Here’s another “ bit off topic”... none the less ...we had a indoor / outdoor kitty and one day she wanted to come back in the house and was sitting there on the porch and I asked myself “ why does this kitty look like poncho gonzales??
I freaked out!!😂😂😂 she was holding a garter snake in her mouth and then her mouth dropped and the snake was inside the house! talk about double freak out because I didn’t know how to catch it 😂😂😂
No. Useful info though if I ever go back to rattlesnake country.
Worst animal I’ve seen in Spokane is a chipmunk, very cute.
We need common sense rattlesnake control.
My G-ma in Van Horn, Tx has a specific hoe for chopping snakes and a specific place where it goes that I moved it from.
Send the cat in after it!
For some reason we can’t kill them in TN
Here in the northern part of the Gold Country Rattlesnakes are an issue every spring and summer They were very light last year, but who knows this year. I kill the suckers everytime I see them. Use .22 snake shot, but here in California can’t get any more ammo without jumping through obcene hoops.
I have a bag of #11 bird shot and a black power remington revolver—I could use that I suppose.
At this time of year when going to the barn or garage its with a stick poking at all the corners and listening for rattles. I will always carry that funky remington 22 rifle down to the barn in the summer. It comes in handy, let me tell you.
Forty, 50 years ago in Portola Valley, there was a young skull full of mush who happened upon what he “thought” was a dead bat. It wasn’t dead, and when the Yute tried to pick it up, it bit him.
He had to go through the rabies injection protocol.
I keep my headphones on both ears, sometimes. Mostly in my back yard. Out in the world, at least one ear is not covered. Whatever I want to listen to, podcast, music, audio books, etc, will be there when I return to my back yard.
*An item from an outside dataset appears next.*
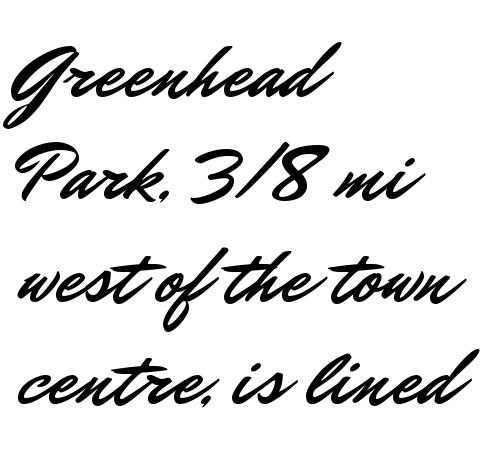
{"serif": "no", "width": "normal", "stroke_contrast": "low", "x_height": "small", "monospaced": "no", "underline": "no", "align": "left", "line_spacing": "normal", "line_spacing_ratio": 1.28, "letter_spacing": "normal", "letter_spacing_em": 0.0, "glyph_px": 80}

Whenever I see a bicyclist roaring around town with headphones on both ears, I wonder if they are the next recipient of a Darwin Award.
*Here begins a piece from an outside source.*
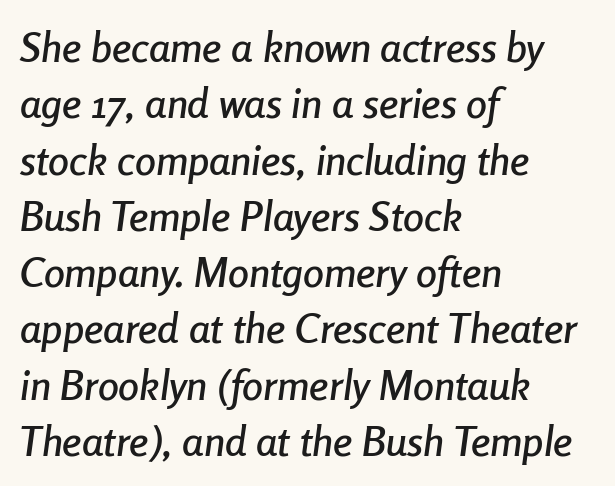
{"italic": "yes", "lean": "right", "slant_degrees": 8, "width": "condensed", "stroke_contrast": "low", "x_height": "medium", "monospaced": "no", "underline": "no", "align": "left", "line_spacing": "normal", "line_spacing_ratio": 1.34, "letter_spacing": "normal", "letter_spacing_em": 0.0, "glyph_px": 42}

I live in Central Texas on several acres out in the woods. We have rattlesnakes. I leave them alone unless they come close to my house where they could be a danger to my dogs. If such I kill them. Odd thing about my dogs. When they see a snake their alarm bark is very different that a normal bark but they know not to get close to the snake. When they see the shotgun they back off behind me, they know what is next.
What is the annual cost of that medicine to carry, and how much trouble, does it need to be kept cool?
I must be very lucky. I was born and raised on the High Plains and rocky Mountain areas, had the run of millions of acres and have only seen ONE rattlesnake in the wild.
Seen lots of copperheads and cotton mouths in the South, but no rattlesnakes.
Try this video of dogs bringing home unwanted creatures.
https://www.tiktok.com/@lance.bisson/video/7551746363088817422
One word: Tonga.
It’s just a flesh wound.
“we can’t kill them in TN”
Too ornery to kill? Thick / tough hides? Too quick?
“Whenever I see a bicyclist roaring around town with headphones on both ears, I wonder if they are the next recipient of a Darwin Award.”
the city attorney in a nearby town did this and got hit by a car he couldn’t hear ... he was mangled so badly it took him a year to be semi-functional again ...
Maybe your elevation is too high for rattlesnakes?